Official Code for the 1st Place Solution of ICCV CLVL 2023 AVDN Challenge.
The corresponding technical report is Target-Grounded Graph-Aware Transformer for Aerial Vision-and-Dialog Navigation.
You can check the specific details of the AVDN competition on the official website, and the leaderboard results can be viewed at evalai.
This report details the method of the winning entry of the AVDN Challenge in ICCV CLVL 2023. The competition addresses the Aerial Navigation from Dialog History (ANDH) task, which requires a drone agent to associate dialog history with aerial observations to reach the destination. For better cross-modal grounding abilities of the drone agent, we propose a Target-Grounded Graph-Aware Transformer (TG-GAT) framework. Concretely, TG-GAT first leverages a graph-aware transformer to capture spatiotemporal dependency, which benefits navigation state tracking and robust action planning. In addition, an auxiliary visual grounding task is devised to boost the agent’s awareness of referred landmarks. Moreover, a hybrid augmentation strategy based on large language models is utilized to mitigate data scarcity limitations. Our TG-GA framework won the AVDN Challenge, with 2.2% and 3.0% absolute improvements over the baseline on SPL and SR metrics, respectively.

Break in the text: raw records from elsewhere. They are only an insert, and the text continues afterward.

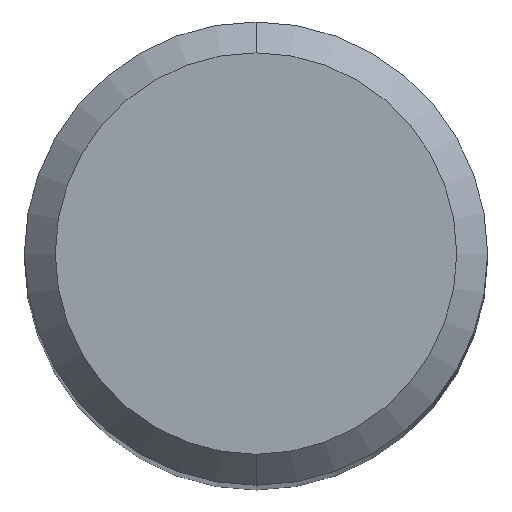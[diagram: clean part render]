
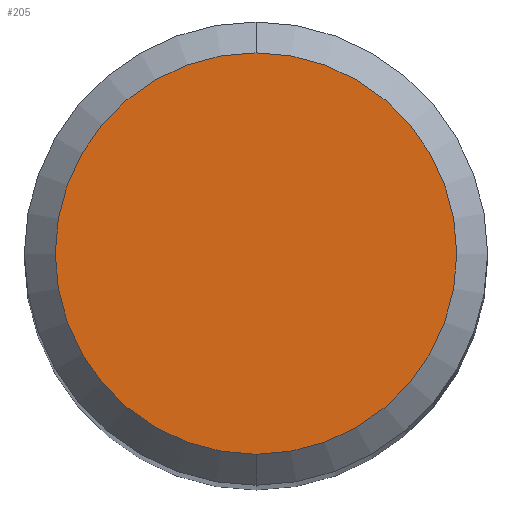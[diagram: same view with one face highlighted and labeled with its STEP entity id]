
A CAD part, top view. The second image highlights one B-rep face of the part: STEP entity #205.
In plain terms, the highlighted planar face has unit normal (0, 0, 1).
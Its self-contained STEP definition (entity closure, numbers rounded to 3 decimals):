
#173=VERTEX_POINT('',#464);
#193=VERTEX_POINT('',#488);
#205=ADVANCED_FACE('',(#502),#503,.T.);
#209=EDGE_CURVE('',#173,#193,#507,.T.);
#371=EDGE_CURVE('',#193,#173,#687,.T.);
#464=CARTESIAN_POINT('',(0.0,2.6,0.0));
#488=CARTESIAN_POINT('',(0.,-2.6,0.0));
#502=FACE_OUTER_BOUND('',#859,.T.);
#503=PLANE('',#860);
#507=CIRCLE('',#867,2.6);
#687=CIRCLE('',#1211,2.6);
#859=EDGE_LOOP('',(#1446,#1447));
#860=AXIS2_PLACEMENT_3D('',#1448,#1449,#1450);
#867=AXIS2_PLACEMENT_3D('',#1452,#1453,#1454);
#1211=AXIS2_PLACEMENT_3D('',#1653,#1654,#1655);
#1446=ORIENTED_EDGE('',*,*,#209,.F.);
#1447=ORIENTED_EDGE('',*,*,#371,.F.);
#1448=CARTESIAN_POINT('',(0.0,1.3,0.0));
#1449=DIRECTION('',(-0.0,0.0,1.0));
#1450=DIRECTION('',(0.0,-1.0,0.0));
#1452=CARTESIAN_POINT('',(0.0,0.0,0.0));
#1453=DIRECTION('',(0.0,0.0,-1.0));
#1454=DIRECTION('',(0.0,1.0,0.0));
#1653=CARTESIAN_POINT('',(0.0,0.0,0.0));
#1654=DIRECTION('',(0.0,0.0,-1.0));
#1655=DIRECTION('',(0.0,1.0,0.0));

For AVDN task, we recommend referring to the original AVDN paper for more detailed information.
- LLM-augmented instruction data;
- Code with support for multi-GPU training;
- Trained logs;
- Trained models;
We utilized the same environment as the AVDN baseline.
pip install torch==1.11.0+cu113 -f https://download.pytorch.org/whl/torch_stable.html
pip install torchvision==0.12.0+cu113 -f https://download.pytorch.org/whl/torch_stable.html
pip install -r requirements.txt
- Please download the xView dataset from https://challenge.xviewdataset.org/data-download.
- Please download the ANDH dataset from https://sites.google.com/view/aerial-vision-and-dialog/home.
- Please download the converted xView-pretrained Yolov5x backbone weight from here. Or you can obtain the complete weights from https://huggingface.co/deprem-ml/Binafarktespit-yolo5x-v1-xview and personally load them into the network.
- Please download our LLM-augmented instructions dataset using Vicuna-33b from here. Alternatively, you can use FastChat to personally enhance training instructions.
After downloading the aforementioned data, please organize the entire project according to the following structure:
project_root/
├── datasets/
│ ├── AVDN/
│ │ ├── annotations(ANDH dataset here)
│ │ ├── pretrain_weights(pretrained weights here)
│ │ ├── train_iamges(xView images here)
│ │ │── ...
│
├── readme_imgs/
│ ├── ...
│
├── src/
│ ├── prj_1/
│ │ ├── ...
│ │
│ ├── prj_2/
│ │ ├── ...
│
├── README.md
├── requirements.txt
We present training logs corresponding to the 4 models under the 'src' directory in our implementation.
Model | SPL | SR | GP | logs |
---|---|---|---|---|
imga | 16.9 | 20.2 | 51.9 | logs.txt |
imga+langa | 18.2 | 20.9 | 58.2 | logs.txt |
imga+mhca+gr+roberta+yolov5x | 18.8 | 23.3 | 54.3 | logs.txt |
img+mhca+gr+roberta+yolov5x+gat | 18.4 | 22.6 | 58.1 | logs.txt |
To train and validate the model, you need to navigate to the specific model directory within the 'src' folder. Taking the 'et_imga' model as an example, you can run the following command for running.
cd src/0_et_imga
bash train.sh
We thank the developers of AVDN and DUET for their public code release.